> **PROBLEM TO WORK ON**: Count the lines below that contain the word "letters" and give only that number.

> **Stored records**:
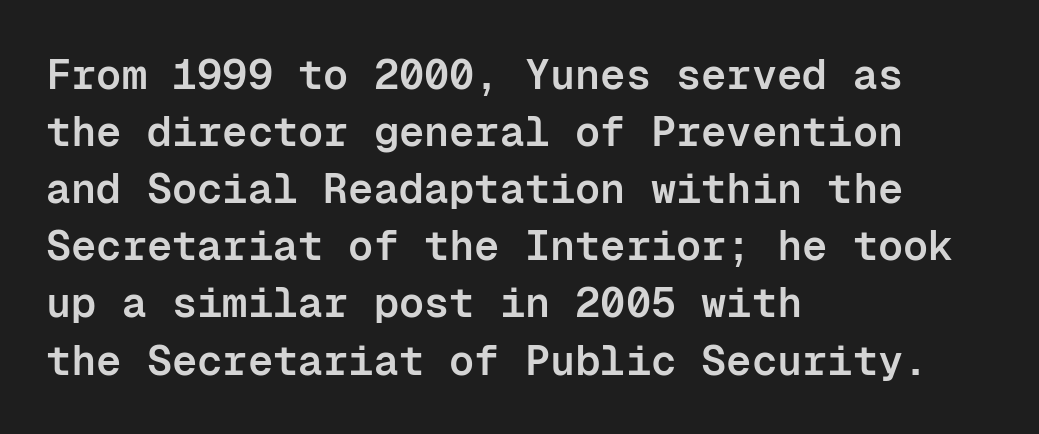
Q: Is the text bold? A: Semi-bold.
Q: Is the text italic (slanted)? A: No, it is upright.
Q: Is the typeface a serif or a sans-serif typeface? A: Sans-serif.
Q: Is the text underlined? A: No.
Q: How is the paragraph aligned? A: Left-aligned.
Q: Is the spacing between letters normal or unusually wide? A: Normal.
Q: Is the spacing between lines tight, normal or loose? A: Normal.
Q: Width (condensed, normal, or wide)? A: Normal.
Q: Stroke contrast? A: Low.
Q: x-height? A: Medium.
Q: Monospaced? A: Yes.
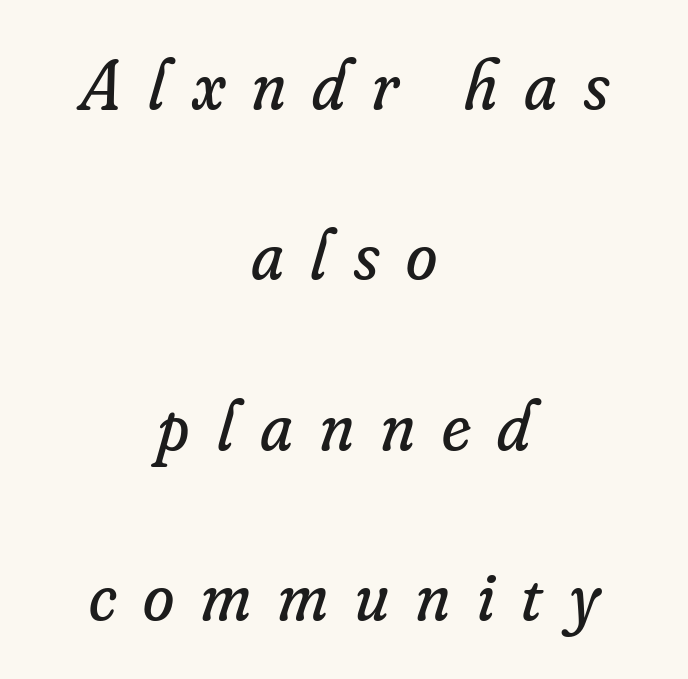
The compositor balanced each line on the midline. The leading is generous, giving the passage an open texture. Little horizontal feet cap the strokes, marking this as serif type. Weight: regular or lighter. Descender tails drop into unmarked territory. Do the characters align in a grid? No, the font is proportional.
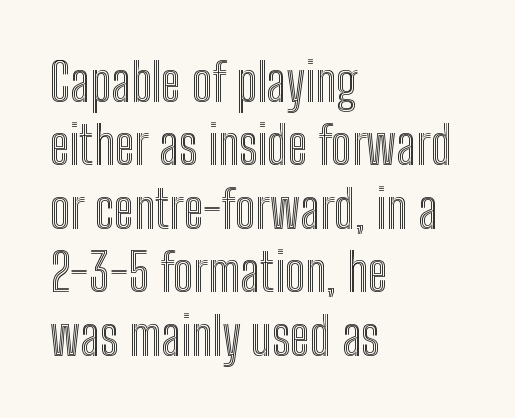
The image shows 52 px condensed type, upright; set left-aligned, line spacing 1.22x, normal letter spacing, not underlined; a medium x-height.
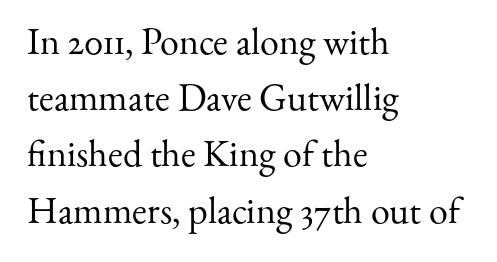
The image shows 38 px regular-weight serif type, upright; set left-aligned, normal line spacing (1.48x), normal letter spacing, not underlined; medium stroke contrast and a small x-height.
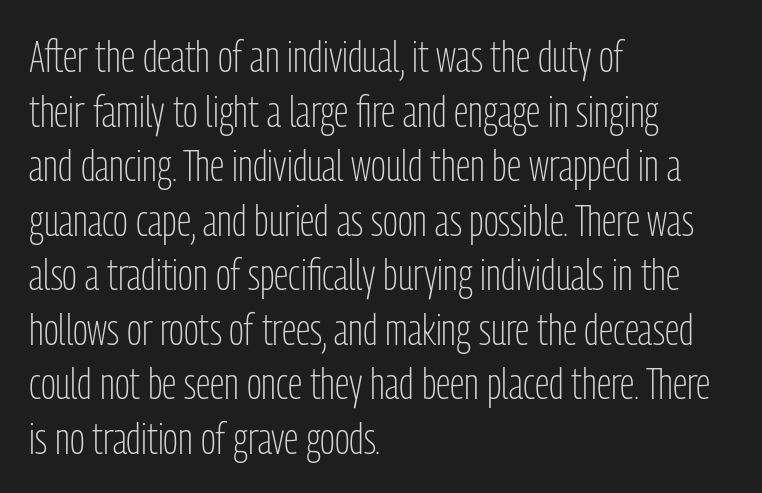
Upright lettering throughout. Proportional: the letters do not fall into vertical columns. The foot of each line stays bare and open. Summary of weight: not heavy and not bold.

> **ANSWER SECTION**: 2